I’ve spent the last few months integrating MCP (Model Context Protocol) servers into my daily VS Code workflow — building a SaaS side project, doing client work, and generally trying to figure out which ones are actually worth the setup friction. Here’s what I found.
Quick Picks: Best MCP Servers for VS Code 2026
- Best overall: Filesystem MCP Server — free, essential, works everywhere
- Best for database work: PostgreSQL MCP Server
- Best for web research: Brave Search MCP
- Best for GitHub workflows: GitHub MCP Server
- Best for documentation: Context7 MCP
- Best for full-stack projects: Supabase MCP Server
If you’re newer to this space, I’d also recommend reading my companion piece on best MCP servers for coding agents — there’s some overlap, but VS Code has specific integration quirks worth covering separately.
What Makes an MCP Server Good for VS Code Specifically?

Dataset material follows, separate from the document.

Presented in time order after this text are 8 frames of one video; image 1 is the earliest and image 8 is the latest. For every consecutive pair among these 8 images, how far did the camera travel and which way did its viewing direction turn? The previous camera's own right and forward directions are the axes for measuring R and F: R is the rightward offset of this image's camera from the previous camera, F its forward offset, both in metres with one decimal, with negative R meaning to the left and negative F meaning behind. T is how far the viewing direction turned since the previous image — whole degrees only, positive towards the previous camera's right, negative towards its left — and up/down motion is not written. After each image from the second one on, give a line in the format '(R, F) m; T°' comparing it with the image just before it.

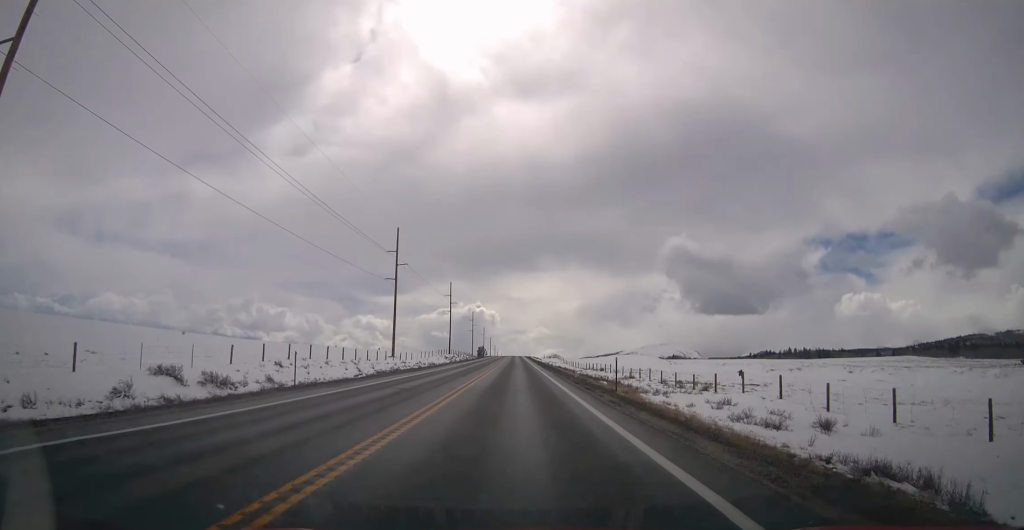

Before the list: MCP servers aren’t all created equal when it comes to VS Code. The protocol is the same, but VS Code’s Copilot agent mode (and extensions like Continue.dev) have their own quirks around how they surface tool calls, handle long context windows, and display results inline.
Here’s what I evaluated each server on:
- Setup friction — Can you get it running in under 15 minutes?
- Stability — Does it crash mid-conversation or time out on large responses?
- VS Code integration quality — Does the output actually show up usefully in the editor?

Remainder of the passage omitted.